Monday, July 24, 2006 1:11 pm by M.   No comments
The Beaumont Enterprise publishes an article about the plans for the improvement of the Wuthering Heights Park in Beaumont, Texas. The existence of a Wuthering Heights Park in Texas it was already discussed in a recent article by Paul Daniggelis in the Brontë Society Gazette (No. 39 January 2006). This is an extract of that article:

Ben and Julie Rogers were born in Chicago and met as teenagers. Ben knew that marriage was inevitable with this dark-haired beauty especially when he discovered that they both loved the same book, Emily Brontë’s Wuthering Heights. The irony is that Ben and Julie were lifelong romantic lovers while Heathcliff was obsessively determined to avenge the selfish deceits perpetrated by Cathy, even after her death. (...)

Ben had earned his first fortune in the optical business, and earned a second fortune in real estate. But Ben was not about money; he was in the business of philanthropy. (...)

Actually, the list of their philanthropic enterprises is too numerous to
enumerate and that would still not define who these people were. In 1986, Ben presented an interesting illustration of his devotion to Julie. He had a billboard sign posted along Interstate 10 which read, “Cathy, my life, my love,” and it was signed, “Heathcliff”. Julie knew it was for her. It caused a minor sensation in the community but Ben was just testing the waters. He had bigger fish to fry!

I
n 1990, Ben donated land to be used as a park for the citizens of Beaumont. At Ben’s request, it was named “Wuthering Heights Park”, in honor of the book he and Julie loved most. The 20 acre wooded tract, located at 3650 Delaware, has one and a half miles of walking trails, benches, trash containers and, remarkably, heather to enhance its association with the purple Yorkshire moors. But officials had to make allowances for the difference in climate between Beaumont, Texas and the Yorkshire moors. The heather is a species grown in Mexico.

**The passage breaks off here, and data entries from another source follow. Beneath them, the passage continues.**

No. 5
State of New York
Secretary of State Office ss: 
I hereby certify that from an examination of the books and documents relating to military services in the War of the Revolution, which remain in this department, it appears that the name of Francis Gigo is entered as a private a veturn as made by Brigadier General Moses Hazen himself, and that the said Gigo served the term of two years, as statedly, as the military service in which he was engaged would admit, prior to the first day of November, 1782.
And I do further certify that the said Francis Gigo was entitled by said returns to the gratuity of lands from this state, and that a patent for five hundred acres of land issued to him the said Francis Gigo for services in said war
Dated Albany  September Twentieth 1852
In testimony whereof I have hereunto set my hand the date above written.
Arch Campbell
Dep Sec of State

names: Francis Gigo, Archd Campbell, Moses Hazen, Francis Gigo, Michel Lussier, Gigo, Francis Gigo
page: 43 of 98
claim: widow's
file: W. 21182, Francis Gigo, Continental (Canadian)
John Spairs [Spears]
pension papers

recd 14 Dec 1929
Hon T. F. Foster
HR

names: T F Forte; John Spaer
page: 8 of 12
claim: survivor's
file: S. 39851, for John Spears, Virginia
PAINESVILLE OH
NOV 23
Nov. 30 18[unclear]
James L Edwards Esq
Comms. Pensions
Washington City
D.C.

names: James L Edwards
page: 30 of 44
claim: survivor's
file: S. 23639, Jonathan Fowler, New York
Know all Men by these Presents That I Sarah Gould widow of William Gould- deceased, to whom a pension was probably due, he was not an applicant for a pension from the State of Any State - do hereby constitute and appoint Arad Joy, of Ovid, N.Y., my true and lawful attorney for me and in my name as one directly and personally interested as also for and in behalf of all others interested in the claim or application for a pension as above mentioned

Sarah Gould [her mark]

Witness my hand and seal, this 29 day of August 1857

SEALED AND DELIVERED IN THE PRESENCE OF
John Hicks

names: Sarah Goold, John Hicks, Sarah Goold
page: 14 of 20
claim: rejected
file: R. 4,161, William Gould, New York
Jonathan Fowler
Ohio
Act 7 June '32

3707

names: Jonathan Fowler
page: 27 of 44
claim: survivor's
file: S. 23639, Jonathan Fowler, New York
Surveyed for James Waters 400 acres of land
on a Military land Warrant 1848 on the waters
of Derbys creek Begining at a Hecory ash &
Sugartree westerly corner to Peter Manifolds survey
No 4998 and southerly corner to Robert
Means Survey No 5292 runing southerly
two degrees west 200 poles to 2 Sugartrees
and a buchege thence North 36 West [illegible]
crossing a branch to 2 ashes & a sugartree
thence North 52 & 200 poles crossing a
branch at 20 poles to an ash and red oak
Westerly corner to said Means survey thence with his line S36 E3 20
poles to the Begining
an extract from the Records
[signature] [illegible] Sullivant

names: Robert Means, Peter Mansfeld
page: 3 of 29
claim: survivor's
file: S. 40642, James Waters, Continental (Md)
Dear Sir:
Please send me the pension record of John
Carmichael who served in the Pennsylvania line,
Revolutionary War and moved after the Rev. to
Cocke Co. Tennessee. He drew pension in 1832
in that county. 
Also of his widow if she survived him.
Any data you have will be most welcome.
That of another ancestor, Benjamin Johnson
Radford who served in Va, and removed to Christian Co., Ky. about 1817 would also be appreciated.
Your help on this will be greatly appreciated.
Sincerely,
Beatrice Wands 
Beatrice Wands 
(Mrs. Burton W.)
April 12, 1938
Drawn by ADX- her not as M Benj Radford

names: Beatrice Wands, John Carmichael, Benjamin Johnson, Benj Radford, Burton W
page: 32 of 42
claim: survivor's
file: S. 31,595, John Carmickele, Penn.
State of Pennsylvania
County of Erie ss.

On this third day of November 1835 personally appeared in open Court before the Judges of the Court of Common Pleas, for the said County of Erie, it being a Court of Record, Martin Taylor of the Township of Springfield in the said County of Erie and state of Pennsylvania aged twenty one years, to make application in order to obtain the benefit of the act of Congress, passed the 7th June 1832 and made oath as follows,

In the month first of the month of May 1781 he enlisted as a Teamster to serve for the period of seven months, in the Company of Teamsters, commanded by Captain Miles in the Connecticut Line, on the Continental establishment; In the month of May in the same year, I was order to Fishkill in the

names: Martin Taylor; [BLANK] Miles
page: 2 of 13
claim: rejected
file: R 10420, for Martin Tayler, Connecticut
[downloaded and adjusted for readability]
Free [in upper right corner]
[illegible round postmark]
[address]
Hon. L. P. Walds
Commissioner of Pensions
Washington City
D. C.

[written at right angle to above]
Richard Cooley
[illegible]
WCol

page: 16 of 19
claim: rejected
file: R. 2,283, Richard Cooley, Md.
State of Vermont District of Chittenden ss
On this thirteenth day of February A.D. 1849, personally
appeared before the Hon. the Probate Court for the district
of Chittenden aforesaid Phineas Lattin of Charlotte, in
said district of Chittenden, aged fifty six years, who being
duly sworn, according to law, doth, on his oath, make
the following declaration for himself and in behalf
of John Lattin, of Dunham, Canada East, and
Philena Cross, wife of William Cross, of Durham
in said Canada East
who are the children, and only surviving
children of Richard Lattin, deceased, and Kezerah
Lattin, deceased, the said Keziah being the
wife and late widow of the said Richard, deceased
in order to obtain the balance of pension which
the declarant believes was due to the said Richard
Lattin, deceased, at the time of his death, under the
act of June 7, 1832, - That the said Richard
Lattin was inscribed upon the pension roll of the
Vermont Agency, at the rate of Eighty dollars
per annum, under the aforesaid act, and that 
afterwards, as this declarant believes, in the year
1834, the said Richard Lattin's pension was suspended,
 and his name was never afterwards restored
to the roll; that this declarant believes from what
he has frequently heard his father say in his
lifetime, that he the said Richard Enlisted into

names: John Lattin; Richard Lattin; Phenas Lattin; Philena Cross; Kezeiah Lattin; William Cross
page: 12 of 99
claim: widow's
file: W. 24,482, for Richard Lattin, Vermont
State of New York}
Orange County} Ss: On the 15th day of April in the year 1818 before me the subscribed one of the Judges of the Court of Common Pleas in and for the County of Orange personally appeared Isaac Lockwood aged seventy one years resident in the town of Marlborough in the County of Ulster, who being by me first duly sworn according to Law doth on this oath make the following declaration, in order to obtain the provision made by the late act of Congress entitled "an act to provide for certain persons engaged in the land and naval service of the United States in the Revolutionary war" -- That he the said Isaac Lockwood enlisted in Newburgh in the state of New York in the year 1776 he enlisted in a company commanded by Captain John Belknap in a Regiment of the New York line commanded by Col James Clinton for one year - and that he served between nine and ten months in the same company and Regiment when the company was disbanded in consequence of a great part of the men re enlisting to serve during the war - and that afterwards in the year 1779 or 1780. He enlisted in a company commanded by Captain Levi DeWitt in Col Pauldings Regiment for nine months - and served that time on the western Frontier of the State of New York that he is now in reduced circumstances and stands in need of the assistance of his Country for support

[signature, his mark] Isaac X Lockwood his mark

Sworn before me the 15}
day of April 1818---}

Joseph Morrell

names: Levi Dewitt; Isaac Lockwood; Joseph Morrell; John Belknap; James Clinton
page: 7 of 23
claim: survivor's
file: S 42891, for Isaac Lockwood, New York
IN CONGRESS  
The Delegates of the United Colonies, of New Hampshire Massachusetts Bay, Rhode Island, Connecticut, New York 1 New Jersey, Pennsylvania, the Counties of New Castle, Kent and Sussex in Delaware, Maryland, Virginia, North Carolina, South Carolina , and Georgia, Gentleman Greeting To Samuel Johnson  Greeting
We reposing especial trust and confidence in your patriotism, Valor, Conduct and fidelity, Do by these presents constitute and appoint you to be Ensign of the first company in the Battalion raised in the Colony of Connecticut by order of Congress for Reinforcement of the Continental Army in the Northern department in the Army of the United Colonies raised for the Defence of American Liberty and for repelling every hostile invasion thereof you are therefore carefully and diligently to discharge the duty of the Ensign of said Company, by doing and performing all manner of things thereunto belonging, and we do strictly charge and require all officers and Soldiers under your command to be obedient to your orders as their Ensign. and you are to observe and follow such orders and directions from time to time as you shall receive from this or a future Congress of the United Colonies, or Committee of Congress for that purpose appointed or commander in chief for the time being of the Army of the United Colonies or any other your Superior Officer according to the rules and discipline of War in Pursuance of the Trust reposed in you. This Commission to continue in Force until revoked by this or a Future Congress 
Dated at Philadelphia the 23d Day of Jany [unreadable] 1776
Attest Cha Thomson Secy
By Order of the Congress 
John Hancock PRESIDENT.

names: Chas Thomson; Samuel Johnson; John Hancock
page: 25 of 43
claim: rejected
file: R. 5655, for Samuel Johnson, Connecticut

The park is decorated with two stone monuments and has perpetual landscaping maintenance. One of the monuments, in addition to the Wuthering Heights Park name, carries the inscription, “Dedicated with Love to Cathy from Heathcliff – Julie and Ben Rogers”. (...) (Paul Daniggelis)

A nice story indeed.

And now a protest. This half of BrontëBlog expresses his deep disagreement with this comment by Peter G. Davis in his article about the recent performances of Elliot Goldenthal's new opera, Grendel, in the Lincoln Center:

What a pity that the music gets in the way and finally defeats the project. Goldenthal may be a wonderful composer of atmospheric film scores (Frida, Batman Forever, and many more), but that hardly guarantees success at opera—Bernard Herrmann, after all, was a legendary master of movie music whose only opera, Wuthering Heights, is unmemorable.

We don't know about Goldenthal's Grendel (but remembering Juan Darien: A Carnival Mass these comments are hard to believe), but we do think that Herrmann's Wuthering Heights is quite memorable.